● Exercise details: Whenever a line contains "clipPath", include it in the count; reply with the number of such lines in the data and nothing else.

[Records from a collection]
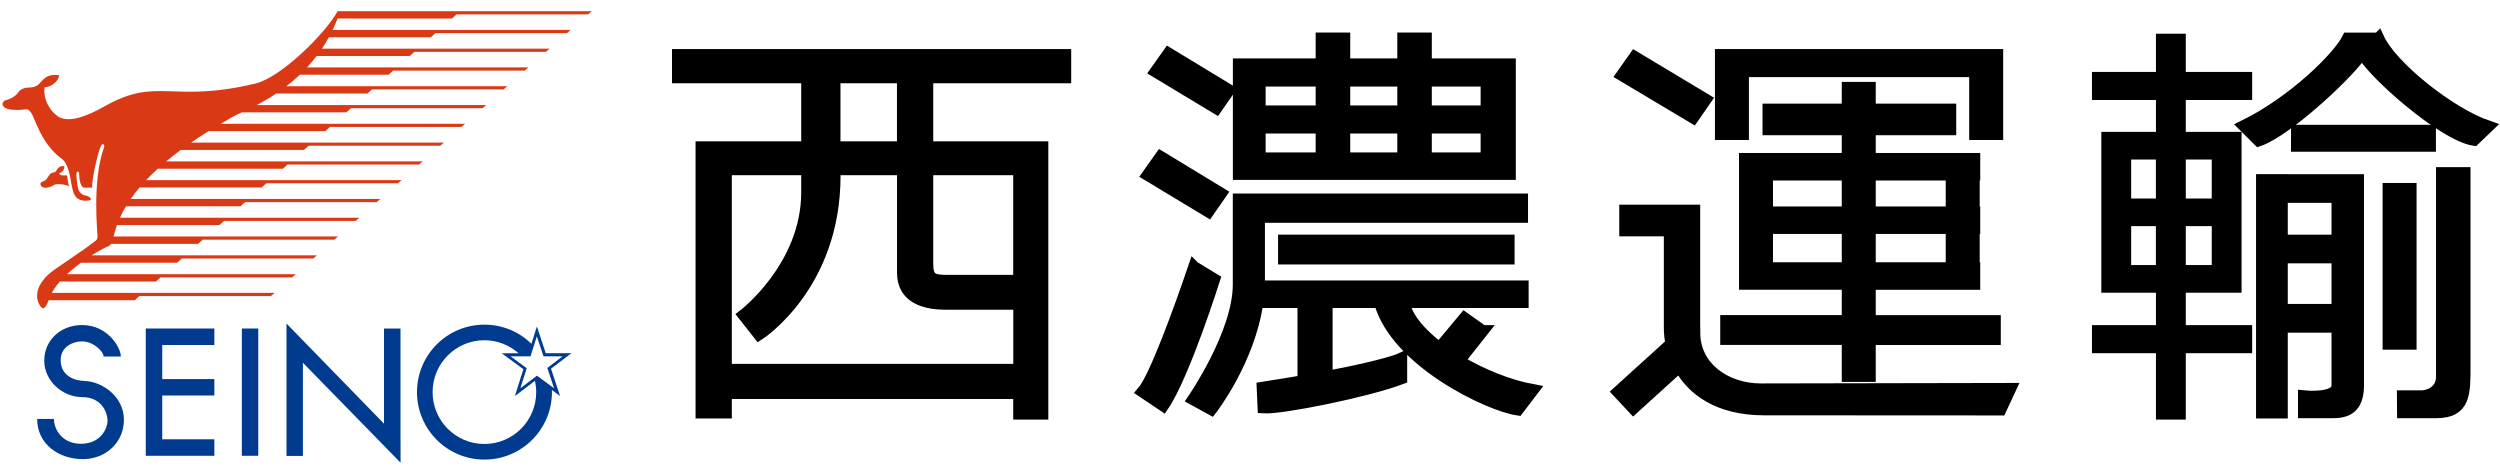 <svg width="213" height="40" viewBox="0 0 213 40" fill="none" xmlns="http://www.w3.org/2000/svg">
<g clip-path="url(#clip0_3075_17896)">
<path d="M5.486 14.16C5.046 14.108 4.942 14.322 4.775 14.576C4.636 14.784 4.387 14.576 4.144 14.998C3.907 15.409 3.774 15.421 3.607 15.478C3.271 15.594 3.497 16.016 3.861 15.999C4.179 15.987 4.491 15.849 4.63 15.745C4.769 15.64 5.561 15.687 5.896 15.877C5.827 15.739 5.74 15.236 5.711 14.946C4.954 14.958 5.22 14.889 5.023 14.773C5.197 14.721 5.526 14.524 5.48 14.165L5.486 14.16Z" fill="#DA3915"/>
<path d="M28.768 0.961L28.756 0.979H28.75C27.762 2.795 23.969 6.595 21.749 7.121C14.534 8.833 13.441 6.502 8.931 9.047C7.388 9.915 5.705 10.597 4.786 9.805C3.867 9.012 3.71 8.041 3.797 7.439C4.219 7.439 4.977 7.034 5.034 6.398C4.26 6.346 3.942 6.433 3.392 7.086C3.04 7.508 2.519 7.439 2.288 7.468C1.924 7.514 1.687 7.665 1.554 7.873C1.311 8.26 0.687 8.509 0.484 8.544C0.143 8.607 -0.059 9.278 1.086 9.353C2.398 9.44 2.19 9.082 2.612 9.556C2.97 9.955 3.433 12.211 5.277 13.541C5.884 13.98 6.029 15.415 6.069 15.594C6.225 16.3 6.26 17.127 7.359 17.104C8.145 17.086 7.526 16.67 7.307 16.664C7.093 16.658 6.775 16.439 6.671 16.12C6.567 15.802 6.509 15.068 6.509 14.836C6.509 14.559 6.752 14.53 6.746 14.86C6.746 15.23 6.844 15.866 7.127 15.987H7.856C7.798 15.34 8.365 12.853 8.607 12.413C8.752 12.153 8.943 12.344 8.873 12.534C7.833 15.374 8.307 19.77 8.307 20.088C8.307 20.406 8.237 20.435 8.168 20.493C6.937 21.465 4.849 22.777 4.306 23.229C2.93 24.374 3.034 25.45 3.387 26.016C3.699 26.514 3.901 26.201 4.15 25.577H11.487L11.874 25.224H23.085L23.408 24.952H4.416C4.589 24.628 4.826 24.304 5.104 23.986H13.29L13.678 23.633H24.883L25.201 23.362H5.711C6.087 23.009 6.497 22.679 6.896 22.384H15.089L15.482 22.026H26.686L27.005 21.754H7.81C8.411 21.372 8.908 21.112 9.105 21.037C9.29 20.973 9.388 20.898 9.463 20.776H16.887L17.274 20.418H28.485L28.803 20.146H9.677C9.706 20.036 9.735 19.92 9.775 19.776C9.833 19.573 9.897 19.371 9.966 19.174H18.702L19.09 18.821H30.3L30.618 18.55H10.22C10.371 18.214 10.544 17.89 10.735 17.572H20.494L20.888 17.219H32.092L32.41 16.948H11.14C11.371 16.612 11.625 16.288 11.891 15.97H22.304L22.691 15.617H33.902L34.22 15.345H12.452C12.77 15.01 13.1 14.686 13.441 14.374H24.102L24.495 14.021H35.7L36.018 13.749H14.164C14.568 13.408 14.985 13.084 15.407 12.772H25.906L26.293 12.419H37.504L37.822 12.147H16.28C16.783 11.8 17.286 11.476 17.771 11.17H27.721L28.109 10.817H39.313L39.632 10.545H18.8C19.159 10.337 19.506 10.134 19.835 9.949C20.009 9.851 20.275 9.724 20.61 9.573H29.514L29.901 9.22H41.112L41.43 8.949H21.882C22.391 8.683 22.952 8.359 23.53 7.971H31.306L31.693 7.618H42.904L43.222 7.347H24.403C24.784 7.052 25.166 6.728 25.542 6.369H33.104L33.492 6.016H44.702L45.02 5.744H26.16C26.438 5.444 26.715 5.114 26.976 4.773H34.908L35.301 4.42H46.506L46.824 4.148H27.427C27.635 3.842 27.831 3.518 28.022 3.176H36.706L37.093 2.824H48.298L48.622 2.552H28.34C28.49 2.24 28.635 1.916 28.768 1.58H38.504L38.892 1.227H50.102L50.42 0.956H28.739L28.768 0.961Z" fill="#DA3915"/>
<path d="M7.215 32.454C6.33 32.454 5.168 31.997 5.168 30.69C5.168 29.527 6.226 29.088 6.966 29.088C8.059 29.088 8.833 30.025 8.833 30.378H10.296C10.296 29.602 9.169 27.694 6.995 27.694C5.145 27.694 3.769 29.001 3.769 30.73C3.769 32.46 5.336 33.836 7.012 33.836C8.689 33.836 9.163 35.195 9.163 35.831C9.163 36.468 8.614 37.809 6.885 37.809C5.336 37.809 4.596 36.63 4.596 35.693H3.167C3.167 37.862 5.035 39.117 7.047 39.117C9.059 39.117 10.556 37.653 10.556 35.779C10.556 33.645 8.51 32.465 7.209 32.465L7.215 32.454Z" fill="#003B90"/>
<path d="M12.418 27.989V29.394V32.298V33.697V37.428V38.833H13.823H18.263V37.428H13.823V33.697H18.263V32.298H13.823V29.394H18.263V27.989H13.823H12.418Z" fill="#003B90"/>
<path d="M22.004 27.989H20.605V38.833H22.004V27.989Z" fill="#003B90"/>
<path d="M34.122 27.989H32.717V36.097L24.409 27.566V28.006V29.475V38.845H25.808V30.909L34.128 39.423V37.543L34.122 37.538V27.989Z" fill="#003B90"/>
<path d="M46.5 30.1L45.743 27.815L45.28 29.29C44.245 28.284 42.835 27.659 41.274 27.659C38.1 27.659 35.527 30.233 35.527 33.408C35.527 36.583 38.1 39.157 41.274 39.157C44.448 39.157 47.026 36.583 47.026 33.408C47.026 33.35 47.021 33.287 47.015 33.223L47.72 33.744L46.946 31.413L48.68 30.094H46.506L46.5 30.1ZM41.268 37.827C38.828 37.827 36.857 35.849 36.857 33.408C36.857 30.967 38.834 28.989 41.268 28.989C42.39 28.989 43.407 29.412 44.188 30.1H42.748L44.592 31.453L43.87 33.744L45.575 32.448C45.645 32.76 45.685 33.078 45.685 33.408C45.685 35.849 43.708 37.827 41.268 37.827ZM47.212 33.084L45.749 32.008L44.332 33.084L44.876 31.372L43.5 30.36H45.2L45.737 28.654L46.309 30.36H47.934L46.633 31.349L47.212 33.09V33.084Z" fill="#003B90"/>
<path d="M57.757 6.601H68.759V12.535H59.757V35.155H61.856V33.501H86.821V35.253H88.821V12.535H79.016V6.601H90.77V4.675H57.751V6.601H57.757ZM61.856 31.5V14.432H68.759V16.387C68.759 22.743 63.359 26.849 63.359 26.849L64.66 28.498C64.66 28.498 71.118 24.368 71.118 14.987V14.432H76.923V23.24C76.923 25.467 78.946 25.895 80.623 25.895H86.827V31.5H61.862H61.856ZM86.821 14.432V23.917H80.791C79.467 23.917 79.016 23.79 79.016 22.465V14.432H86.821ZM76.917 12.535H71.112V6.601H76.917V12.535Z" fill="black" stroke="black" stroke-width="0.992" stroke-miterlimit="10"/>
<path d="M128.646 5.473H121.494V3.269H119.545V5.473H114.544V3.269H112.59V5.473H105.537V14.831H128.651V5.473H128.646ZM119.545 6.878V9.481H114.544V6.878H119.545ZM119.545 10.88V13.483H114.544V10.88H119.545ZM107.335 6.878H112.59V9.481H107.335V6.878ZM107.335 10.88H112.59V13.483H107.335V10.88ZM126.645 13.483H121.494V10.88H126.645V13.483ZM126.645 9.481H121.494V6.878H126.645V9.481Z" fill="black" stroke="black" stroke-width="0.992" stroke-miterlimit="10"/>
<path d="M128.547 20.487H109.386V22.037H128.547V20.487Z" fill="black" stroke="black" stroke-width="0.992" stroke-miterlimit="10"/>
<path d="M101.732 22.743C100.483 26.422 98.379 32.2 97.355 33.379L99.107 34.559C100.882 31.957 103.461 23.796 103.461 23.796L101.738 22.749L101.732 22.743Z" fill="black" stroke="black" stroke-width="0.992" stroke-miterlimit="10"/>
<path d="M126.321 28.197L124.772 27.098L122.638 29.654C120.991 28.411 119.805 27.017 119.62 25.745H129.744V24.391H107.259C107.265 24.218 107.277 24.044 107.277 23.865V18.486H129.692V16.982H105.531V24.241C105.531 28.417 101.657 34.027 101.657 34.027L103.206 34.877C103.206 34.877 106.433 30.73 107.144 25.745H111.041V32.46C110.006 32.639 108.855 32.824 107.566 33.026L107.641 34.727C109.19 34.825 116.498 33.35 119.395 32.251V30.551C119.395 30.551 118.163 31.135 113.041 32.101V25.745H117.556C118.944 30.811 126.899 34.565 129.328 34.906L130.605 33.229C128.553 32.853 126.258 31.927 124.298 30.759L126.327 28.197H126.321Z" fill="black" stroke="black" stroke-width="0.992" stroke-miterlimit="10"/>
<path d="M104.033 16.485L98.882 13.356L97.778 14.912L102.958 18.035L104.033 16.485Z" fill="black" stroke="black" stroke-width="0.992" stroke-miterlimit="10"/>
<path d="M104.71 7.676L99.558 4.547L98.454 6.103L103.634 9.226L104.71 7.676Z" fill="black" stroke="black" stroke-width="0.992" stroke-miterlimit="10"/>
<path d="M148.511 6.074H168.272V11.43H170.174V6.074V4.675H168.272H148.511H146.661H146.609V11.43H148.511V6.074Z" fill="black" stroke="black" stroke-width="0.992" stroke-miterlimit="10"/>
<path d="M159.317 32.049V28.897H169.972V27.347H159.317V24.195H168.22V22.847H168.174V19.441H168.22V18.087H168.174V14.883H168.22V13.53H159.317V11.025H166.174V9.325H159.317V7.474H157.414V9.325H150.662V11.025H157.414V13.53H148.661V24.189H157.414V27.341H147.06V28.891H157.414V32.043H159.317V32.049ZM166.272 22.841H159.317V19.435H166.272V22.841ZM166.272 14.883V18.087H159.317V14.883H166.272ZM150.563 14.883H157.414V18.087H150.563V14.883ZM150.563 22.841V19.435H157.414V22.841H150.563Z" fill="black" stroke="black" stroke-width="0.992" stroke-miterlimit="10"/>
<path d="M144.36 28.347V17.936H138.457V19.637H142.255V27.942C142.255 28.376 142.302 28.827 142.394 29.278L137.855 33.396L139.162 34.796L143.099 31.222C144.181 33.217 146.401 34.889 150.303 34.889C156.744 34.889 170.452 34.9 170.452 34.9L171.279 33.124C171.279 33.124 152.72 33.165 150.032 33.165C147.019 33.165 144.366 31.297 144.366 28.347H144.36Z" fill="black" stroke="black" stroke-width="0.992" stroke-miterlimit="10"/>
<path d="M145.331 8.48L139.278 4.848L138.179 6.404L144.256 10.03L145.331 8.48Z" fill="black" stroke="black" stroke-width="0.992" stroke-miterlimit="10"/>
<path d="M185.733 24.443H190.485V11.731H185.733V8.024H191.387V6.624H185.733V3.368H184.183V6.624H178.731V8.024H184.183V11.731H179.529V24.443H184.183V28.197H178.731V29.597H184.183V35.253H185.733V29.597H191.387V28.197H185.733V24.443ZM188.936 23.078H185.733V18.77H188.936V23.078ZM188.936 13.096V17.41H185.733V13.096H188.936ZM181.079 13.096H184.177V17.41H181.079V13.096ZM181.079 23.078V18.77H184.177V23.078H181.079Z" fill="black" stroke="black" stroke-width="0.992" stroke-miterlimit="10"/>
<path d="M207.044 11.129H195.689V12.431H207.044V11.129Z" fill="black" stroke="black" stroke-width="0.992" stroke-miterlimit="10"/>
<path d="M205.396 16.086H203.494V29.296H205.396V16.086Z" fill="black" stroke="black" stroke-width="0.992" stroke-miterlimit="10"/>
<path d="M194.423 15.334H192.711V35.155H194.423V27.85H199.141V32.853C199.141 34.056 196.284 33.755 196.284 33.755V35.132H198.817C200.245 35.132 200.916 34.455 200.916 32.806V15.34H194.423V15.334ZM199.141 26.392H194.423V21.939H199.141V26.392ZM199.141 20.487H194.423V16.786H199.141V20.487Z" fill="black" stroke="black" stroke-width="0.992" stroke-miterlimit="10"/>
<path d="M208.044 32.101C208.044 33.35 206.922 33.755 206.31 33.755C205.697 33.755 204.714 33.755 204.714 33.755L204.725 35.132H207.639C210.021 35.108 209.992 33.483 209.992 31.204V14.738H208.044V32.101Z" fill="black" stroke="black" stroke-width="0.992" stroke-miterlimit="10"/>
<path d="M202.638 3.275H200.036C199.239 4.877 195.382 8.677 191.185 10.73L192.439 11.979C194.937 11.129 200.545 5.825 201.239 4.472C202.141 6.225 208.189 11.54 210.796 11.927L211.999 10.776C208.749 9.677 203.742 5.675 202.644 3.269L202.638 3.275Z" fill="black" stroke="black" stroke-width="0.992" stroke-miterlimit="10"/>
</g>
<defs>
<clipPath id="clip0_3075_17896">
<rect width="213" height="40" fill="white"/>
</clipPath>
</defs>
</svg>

● Finished exercise: 2